I guess to draw the parallel to playing the piano, I do this in that area as well. I find a piece I want to play. I try to learn it. Sometimes I get it, if it's within my ability. Oftentimes, I don't and I give up. As much as people think I'm a virtuoso, I'm not. I'm looking at one of the virtuosic pieces I have in my library. I can't even play the first page. I've had this thing taunting me for ten years already.
There are a few instances where my love/hate of the piano and love/hate of writing differ. I have a solid support system in place with the piano. It's been established in my family that I have this skill, and it's one that they enjoy. Among extended family, among family friends, etc.; being a pianist is something they associate with me. They're aware of my limits and capabilities, and they accept this. I don't intend to let it be anything more than just a hobby.
Writing, however... I don't have the same support system. Everything I write, the encouragement to continue writing just one more scene/chapter/project/idea is all from me. And unlike being a pianist, I do intend to do more than letting it be a hobby. It's been a life-long dream of mine to publish something, to prove to my family that it's not some worthless aspiration I have.
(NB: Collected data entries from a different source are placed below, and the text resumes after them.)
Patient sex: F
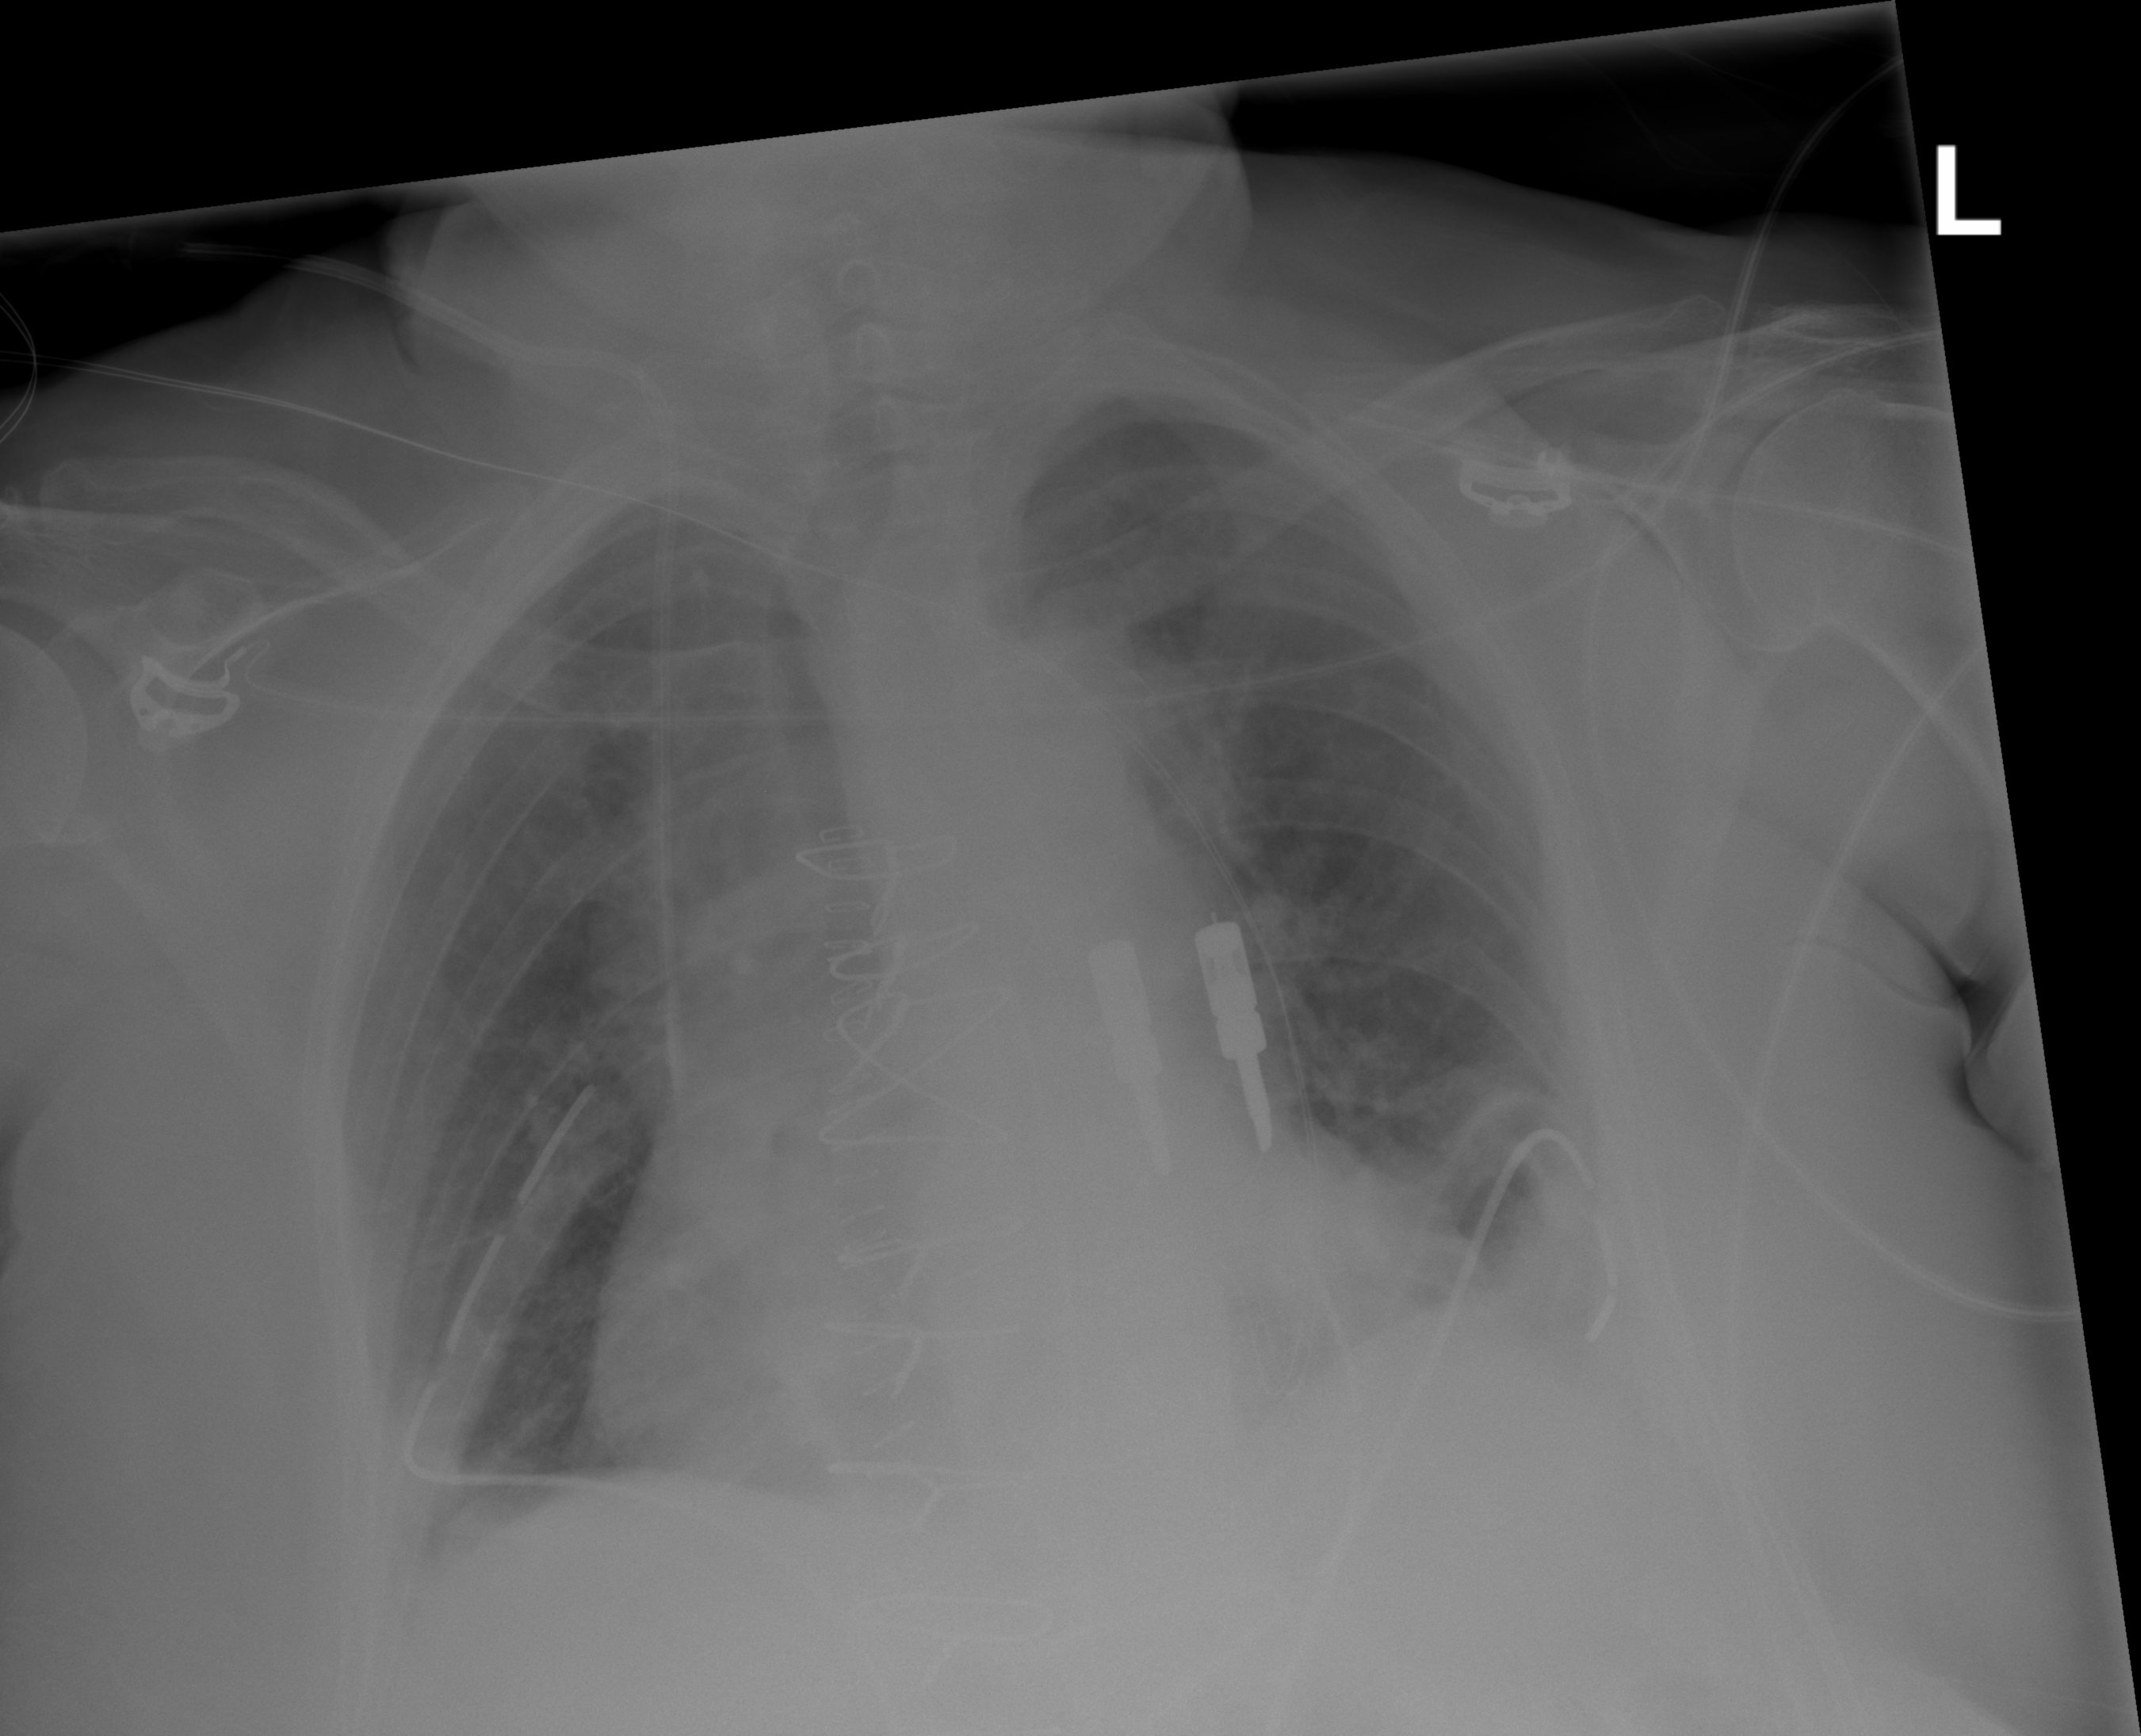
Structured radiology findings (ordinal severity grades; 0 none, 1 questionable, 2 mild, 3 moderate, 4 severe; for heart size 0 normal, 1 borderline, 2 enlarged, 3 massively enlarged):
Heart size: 2
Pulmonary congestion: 2
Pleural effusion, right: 0
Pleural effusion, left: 0
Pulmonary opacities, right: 0
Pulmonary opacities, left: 0
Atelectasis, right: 0
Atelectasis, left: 2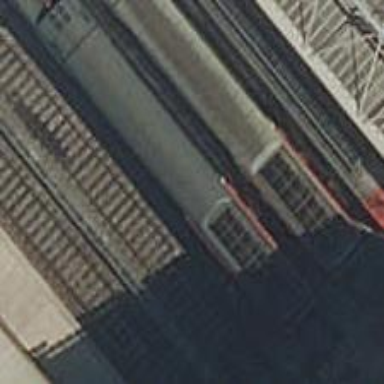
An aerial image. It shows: Railway stop with public transport stop position.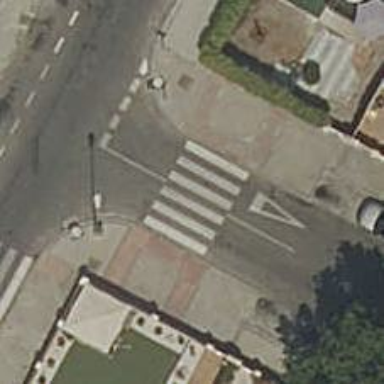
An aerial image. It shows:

Until relatively recently with enrolling in Creative Writing, all of this support was uniquely from me. There was no outside influence from my family, from my friends, from family friends; no one. And I guess that's why this hatred of writing hurts me a lot more than I expected it to.
Anyway, if this doesn't make sense to anyone, I'm just ranting. Yet another project finished, and still those closest to me just don't care. If they don't care, why should I?
Sure, I'm probably thinking irrationally and like a petulant child. It'll pass. Hopefully.